* [Work order]:
Look in the material below for the line with "Underlining? Definitely not" and the line with "The image shows 26", then set down exactly those two lines and all lines between, nothing more.

----------------

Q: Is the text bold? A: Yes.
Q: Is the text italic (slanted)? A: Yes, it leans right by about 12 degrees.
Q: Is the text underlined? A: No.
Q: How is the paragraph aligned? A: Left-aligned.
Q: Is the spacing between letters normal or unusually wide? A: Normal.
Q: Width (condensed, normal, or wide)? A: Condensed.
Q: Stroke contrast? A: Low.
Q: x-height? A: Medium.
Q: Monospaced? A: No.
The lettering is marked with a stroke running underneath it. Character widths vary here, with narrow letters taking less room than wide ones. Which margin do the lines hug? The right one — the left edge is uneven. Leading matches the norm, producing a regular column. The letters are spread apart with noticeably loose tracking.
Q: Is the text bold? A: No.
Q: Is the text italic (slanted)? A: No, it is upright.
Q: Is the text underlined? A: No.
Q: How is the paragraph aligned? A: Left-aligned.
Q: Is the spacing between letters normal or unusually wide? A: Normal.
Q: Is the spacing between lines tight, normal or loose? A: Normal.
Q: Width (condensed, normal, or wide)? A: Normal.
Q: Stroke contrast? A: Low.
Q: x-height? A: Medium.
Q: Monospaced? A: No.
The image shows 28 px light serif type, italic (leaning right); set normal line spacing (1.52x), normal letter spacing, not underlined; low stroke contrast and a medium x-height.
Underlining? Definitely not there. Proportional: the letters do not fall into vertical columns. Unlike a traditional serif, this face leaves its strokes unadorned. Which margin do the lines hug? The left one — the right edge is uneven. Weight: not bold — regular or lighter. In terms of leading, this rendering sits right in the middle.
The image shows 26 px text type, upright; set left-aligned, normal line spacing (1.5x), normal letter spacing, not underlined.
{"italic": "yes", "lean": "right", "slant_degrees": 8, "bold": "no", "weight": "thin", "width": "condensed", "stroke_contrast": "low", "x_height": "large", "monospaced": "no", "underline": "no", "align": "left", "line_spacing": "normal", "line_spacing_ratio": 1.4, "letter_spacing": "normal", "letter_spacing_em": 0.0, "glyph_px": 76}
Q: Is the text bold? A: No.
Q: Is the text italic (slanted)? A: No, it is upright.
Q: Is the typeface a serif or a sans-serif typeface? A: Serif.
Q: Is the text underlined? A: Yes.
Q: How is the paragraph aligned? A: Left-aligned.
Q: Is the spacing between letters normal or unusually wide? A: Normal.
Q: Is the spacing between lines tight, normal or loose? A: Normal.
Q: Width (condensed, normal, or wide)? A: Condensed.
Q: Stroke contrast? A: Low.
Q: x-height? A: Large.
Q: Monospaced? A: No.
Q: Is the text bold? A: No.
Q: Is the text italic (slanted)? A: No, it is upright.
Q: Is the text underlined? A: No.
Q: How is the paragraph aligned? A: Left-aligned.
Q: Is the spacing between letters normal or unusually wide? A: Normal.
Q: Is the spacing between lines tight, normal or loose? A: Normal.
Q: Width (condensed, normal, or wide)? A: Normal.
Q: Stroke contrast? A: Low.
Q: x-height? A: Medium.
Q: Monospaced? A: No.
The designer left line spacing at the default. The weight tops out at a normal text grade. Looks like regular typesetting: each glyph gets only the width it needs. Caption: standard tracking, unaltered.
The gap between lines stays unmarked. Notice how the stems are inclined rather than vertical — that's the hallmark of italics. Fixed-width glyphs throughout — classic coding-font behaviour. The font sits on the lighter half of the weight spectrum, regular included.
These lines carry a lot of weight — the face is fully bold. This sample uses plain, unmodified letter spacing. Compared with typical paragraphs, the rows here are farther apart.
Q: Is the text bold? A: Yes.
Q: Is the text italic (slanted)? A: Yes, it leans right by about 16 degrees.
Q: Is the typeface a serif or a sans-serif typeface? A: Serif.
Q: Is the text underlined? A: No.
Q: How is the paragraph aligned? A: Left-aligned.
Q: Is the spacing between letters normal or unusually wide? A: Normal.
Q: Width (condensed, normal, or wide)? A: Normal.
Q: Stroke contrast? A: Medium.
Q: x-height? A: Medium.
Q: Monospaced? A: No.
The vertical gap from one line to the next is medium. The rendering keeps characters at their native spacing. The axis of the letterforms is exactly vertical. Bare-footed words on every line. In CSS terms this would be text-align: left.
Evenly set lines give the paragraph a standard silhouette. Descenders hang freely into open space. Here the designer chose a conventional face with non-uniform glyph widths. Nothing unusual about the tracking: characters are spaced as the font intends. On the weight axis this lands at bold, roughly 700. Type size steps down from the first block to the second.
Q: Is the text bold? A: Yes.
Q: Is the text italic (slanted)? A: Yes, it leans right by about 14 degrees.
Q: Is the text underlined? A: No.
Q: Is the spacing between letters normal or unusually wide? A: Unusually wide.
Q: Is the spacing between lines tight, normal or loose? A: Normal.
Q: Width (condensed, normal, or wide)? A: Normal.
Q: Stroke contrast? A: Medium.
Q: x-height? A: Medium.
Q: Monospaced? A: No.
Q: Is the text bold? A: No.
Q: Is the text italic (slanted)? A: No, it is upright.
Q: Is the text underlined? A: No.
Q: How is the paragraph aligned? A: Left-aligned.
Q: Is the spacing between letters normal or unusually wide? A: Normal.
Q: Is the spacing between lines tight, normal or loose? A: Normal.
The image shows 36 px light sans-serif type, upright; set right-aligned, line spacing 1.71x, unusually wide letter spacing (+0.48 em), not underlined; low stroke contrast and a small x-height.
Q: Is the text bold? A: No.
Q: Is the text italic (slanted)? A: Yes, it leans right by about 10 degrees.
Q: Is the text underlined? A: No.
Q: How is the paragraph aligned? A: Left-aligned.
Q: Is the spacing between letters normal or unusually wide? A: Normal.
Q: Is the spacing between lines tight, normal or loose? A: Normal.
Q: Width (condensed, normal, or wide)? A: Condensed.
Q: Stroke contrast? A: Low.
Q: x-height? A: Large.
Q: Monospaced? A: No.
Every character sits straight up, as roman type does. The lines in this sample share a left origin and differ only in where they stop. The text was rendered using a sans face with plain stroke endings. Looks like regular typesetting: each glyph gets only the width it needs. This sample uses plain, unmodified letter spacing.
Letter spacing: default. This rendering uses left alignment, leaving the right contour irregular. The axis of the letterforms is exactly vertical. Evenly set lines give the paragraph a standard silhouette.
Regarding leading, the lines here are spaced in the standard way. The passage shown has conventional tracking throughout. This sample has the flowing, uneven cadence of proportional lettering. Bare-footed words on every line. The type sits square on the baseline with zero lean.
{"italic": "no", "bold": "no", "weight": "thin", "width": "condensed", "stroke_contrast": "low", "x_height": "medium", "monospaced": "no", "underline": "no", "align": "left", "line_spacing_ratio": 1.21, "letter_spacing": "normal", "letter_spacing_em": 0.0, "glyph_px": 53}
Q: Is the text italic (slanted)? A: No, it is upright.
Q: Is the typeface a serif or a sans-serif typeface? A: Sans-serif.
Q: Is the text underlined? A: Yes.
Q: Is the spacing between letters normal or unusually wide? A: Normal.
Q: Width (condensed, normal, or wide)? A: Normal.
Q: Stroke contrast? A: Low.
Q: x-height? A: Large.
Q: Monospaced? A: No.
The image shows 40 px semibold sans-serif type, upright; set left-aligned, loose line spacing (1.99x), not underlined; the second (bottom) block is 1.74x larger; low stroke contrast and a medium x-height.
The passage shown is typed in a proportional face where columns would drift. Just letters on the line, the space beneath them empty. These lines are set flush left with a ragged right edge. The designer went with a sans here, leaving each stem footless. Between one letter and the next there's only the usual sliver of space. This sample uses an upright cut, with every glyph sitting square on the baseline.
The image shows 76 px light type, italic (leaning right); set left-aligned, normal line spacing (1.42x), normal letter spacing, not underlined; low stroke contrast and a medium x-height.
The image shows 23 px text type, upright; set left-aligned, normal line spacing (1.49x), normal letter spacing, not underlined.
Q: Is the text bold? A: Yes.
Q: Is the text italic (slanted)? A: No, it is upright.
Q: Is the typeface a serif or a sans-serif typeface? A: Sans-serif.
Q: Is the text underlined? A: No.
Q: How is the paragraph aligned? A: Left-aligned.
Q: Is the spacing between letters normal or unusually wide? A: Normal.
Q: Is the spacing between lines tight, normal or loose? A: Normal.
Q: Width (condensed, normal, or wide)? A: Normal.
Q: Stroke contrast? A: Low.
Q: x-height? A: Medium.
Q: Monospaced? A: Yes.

----------------

* [Expected answer]:
Underlining? Definitely not there. Proportional: the letters do not fall into vertical columns. Unlike a traditional serif, this face leaves its strokes unadorned. Which margin do the lines hug? The left one — the right edge is uneven. Weight: not bold — regular or lighter. In terms of leading, this rendering sits right in the middle.
The image shows 26 px text type, upright; set left-aligned, normal line spacing (1.5x), normal letter spacing, not underlined.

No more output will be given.